The act upon which the present prosecution is founded and the search of the appellant's automobile took place in March, 1925. The acts of the legislature discussed, namely, Chapters 49 and 149, supra, became effective June, 1925. The trial took place in October of the same year.
It is contended by the state, notwithstanding the search of the appellant's automobile was illegal, that the evidence obtained thereby, coming from the officers who made the search, was nevertheless admissible in evidence against the appellant. This contention is based upon the fact that at the time the offense was committed and the search made, the Acts of the Legislature mentioned, Chapters 149 and 49, supra, were not in force. It is true that at the time the search was made there was no penal offense attached to the act. It cannot, however, be justly held to have been a legal act for the reason that the search of the appellant's automobile without a search warrant was forbidden by the Fourth Amendment to the Constitution of the United States and by Sec. 9 of Art. 1 of the Constitution of this state forbidding unreasonable searches and seizures. Appellant therefore contends that Chapter 49, supra, being a procedure statute in force at the time of the trial, operated to exclude evidence obtained by a search of the appellant's automobile illegally made at a time antecedent to the date that the statute mentioned became effective.
There is no legal obstacle to the application of statutes changing procedure to proceedings pending at the time of their enactment. Where the application does not impair or destroy vested rights and when a new statute deals with procedure only — prima facie it applies to all actions — to those which have accrued or pending as well as those subsequently accruing. Ruling Case Law, Vol. 25, p. 791, Sec. 38; Underhill's Crim. Ev., 3rd Ed., Sec. 11. This principle has been uniformly given effect with reference to criminal statutes in both federal and state courts. For instance, in Hopt v.

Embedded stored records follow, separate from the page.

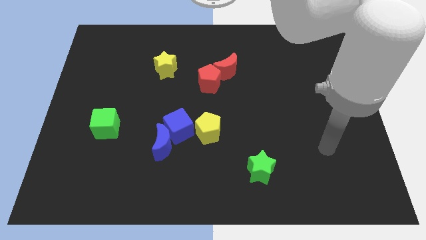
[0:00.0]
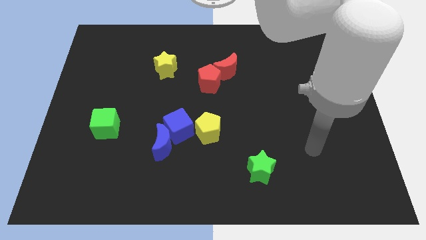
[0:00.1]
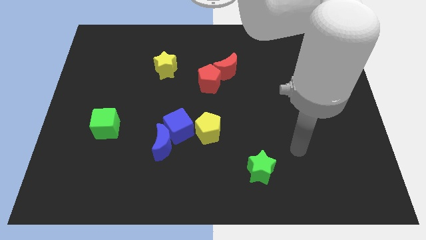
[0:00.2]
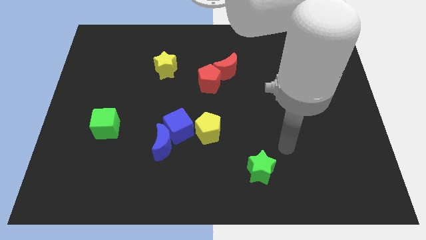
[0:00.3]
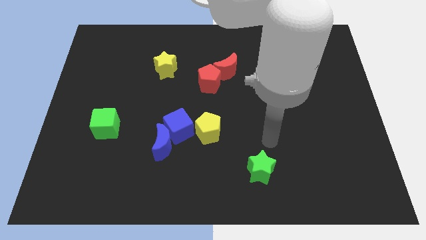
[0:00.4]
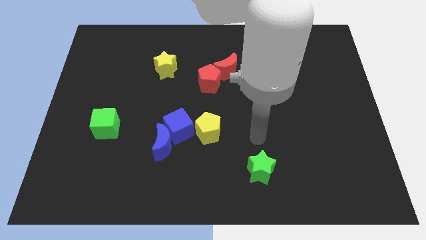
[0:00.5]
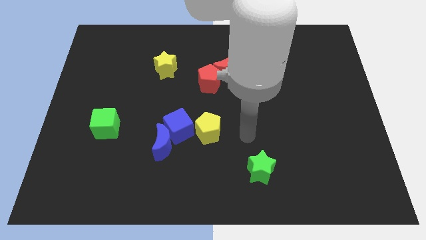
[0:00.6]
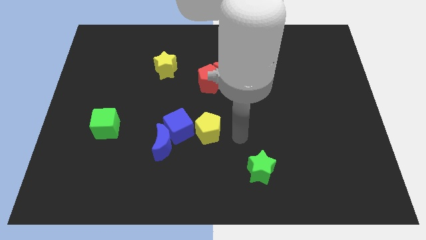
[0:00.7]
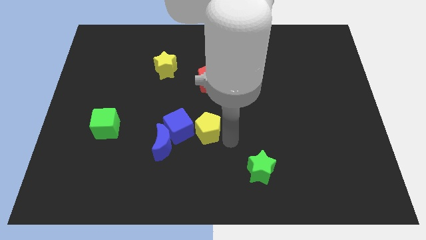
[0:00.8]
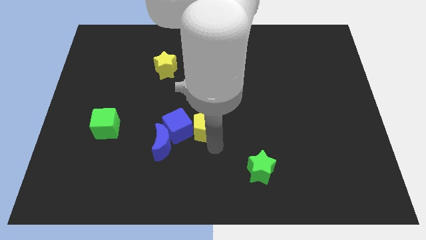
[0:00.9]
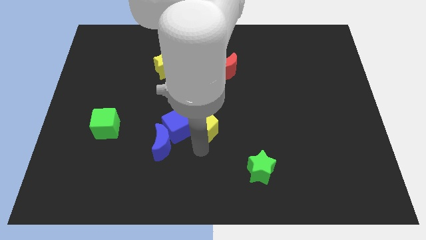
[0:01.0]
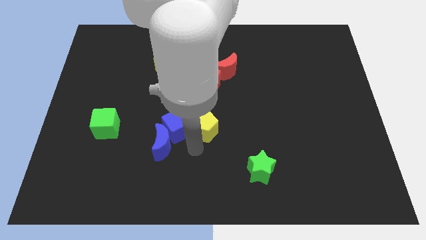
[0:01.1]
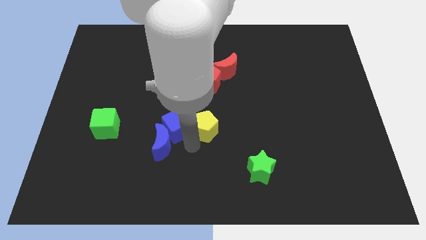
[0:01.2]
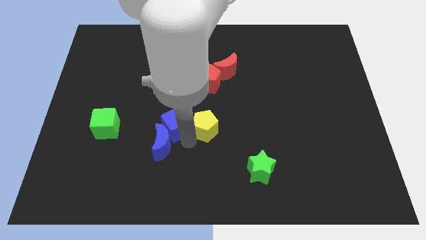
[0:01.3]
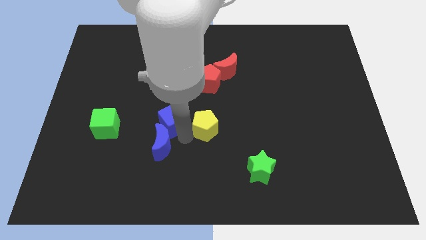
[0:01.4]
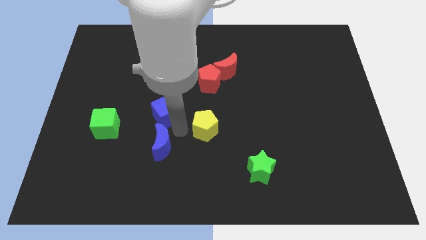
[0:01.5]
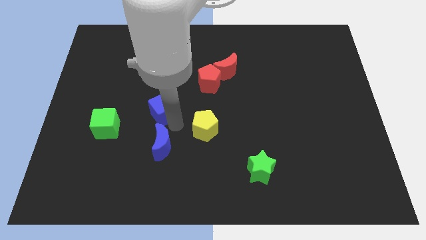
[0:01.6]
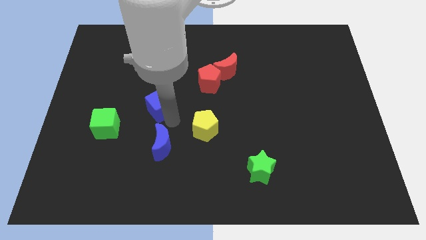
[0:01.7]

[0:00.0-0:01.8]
pull the blue cube apart from the blue moon and yellow pentagon

Utah, 110 U.S. 574, 28 Law Ed. 262, there was an enlargement of the class of persons competent to testify in criminal cases, and in such testimony, over the objection of the accused, the court said:
"Alterations which do not increase the punishment nor change the ingredients of the offense or the ultimate facts necessary to establish guilt, but, leaving untouched the nature of the crime, and the amount or degree of proof essential to conviction, only removes existing restrictions upon the competency of certain classes of persons as witnesses, relate to modes of procedure only, in which no one can be said to have a vested right, and which the state, upon grounds of public policy, may regulate at pleasure. Such regulations of the mode in which the facts constituting guilt may be placed before the jury, can be made applicable to prosecutions or trials thereafter had, without reference to the date of the commission of the offense charged." (Hopt v. People, 110 U.S. 574.)

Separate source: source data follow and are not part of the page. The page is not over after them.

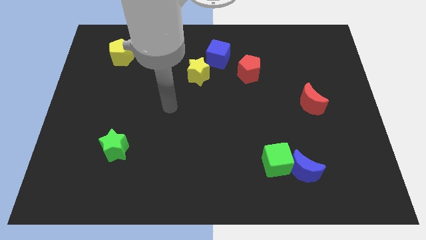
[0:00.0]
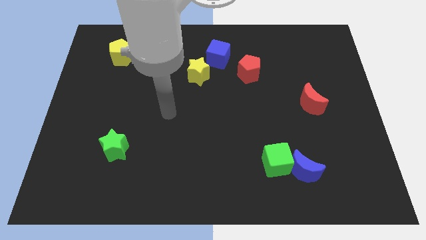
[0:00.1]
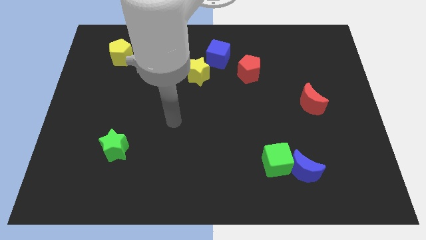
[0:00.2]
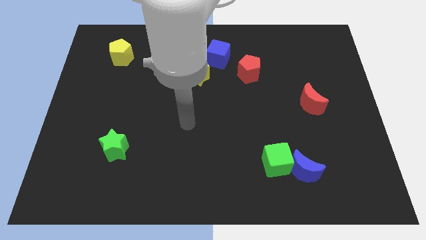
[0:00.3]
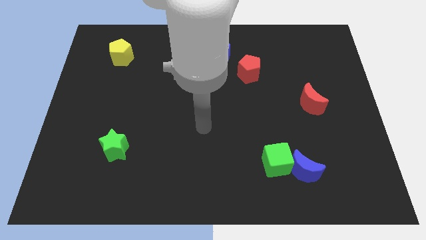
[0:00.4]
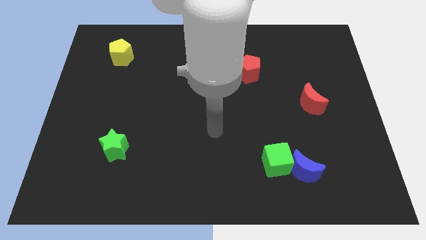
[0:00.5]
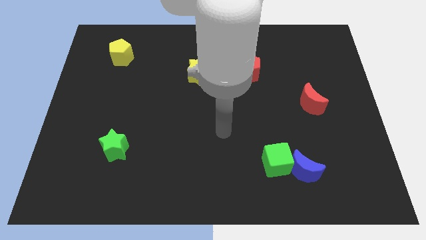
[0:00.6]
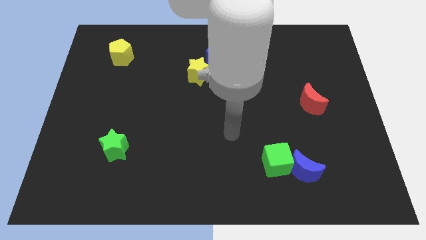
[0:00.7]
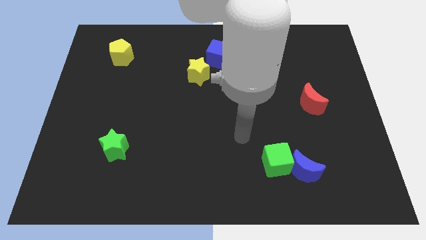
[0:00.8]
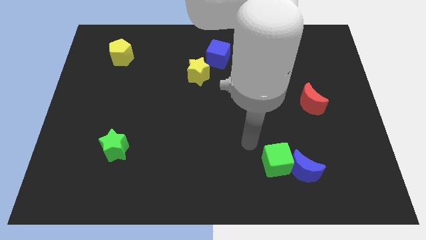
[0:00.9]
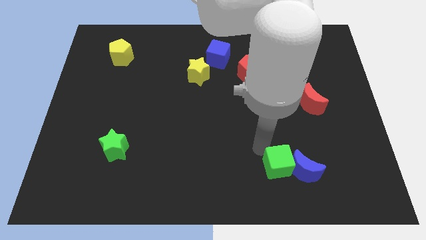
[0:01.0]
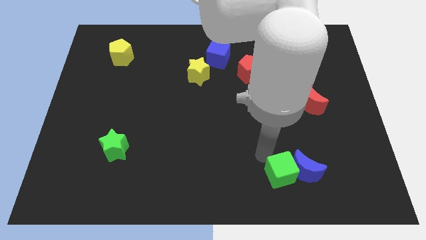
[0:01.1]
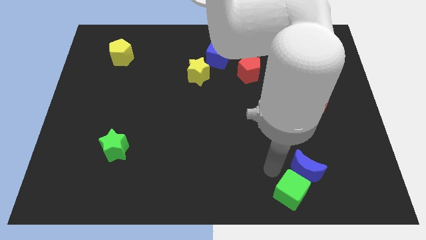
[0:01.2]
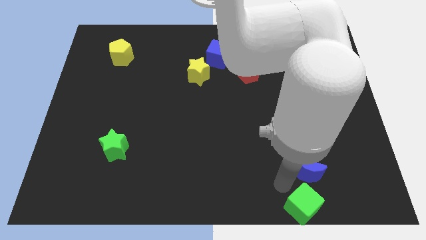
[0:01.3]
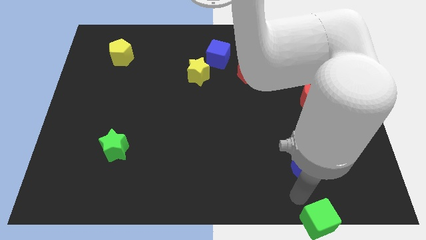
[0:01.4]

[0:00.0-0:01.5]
pull the blue moon apart from the green cube

In Mallett v. North Carolina, 181 U.S. 594, 45 Law Ed. 1018, a statute upholding the right of the state to appeal in criminal cases was made applicable to pending as well as to future trials. Many other examples are found in Rose's Notes on United States Reports, Vol. 12, Rev. Ed., p. 415. Many of these relate to the application of statutes changing the rules of evidence. Numerous illustrations are also found in the decisions of this court. For example, in Mrous v. State, 31 Tex. Crim. 600, the statute under consideration permitted the prosecutrix in a trial for seduction to testify, when at the time the offense was committed, she was, by law, made an incompetent witness. In the opinion the court cited with approval precedents holding that a statute enlarging the class of persons who are competent witnesses was applicable to offenses previously committed. This was applied against the accused. It would seem to follow that a statute restricting the class of persons by whom the state might prove the guilt of the accused would bear upon previous as well as subsequent offenses. Such was the express holding of this court in Askew's case, 127 S.W. 1037. Askew was convicted of homicide. The sheriff testified that after his arrest and while under arrest appellant made, in the presence of the sheriff, a verbal confession, and this was proved by the testimony of the sheriff. At the time the offense was committed and the confession made, it was competent to prove that the accused, while under arrest, had made a verbal confession. After the offense was committed and the confession was made, a statute was passed requiring that such a confession, to be admissible, should be in writing. This court held the verbal confession not admissible, and said:
"At the time the confession was made, the present law requiring a confession to be reduced to writing had not been enacted; but that is immaterial. Appellant is now authorized to interpose any objection to such confession, although made before the enactment of the statute, although it may have been admissible as a parol confession at the time it was made. The authorities are quite clear upon this question, and we think unnecessary to be cited."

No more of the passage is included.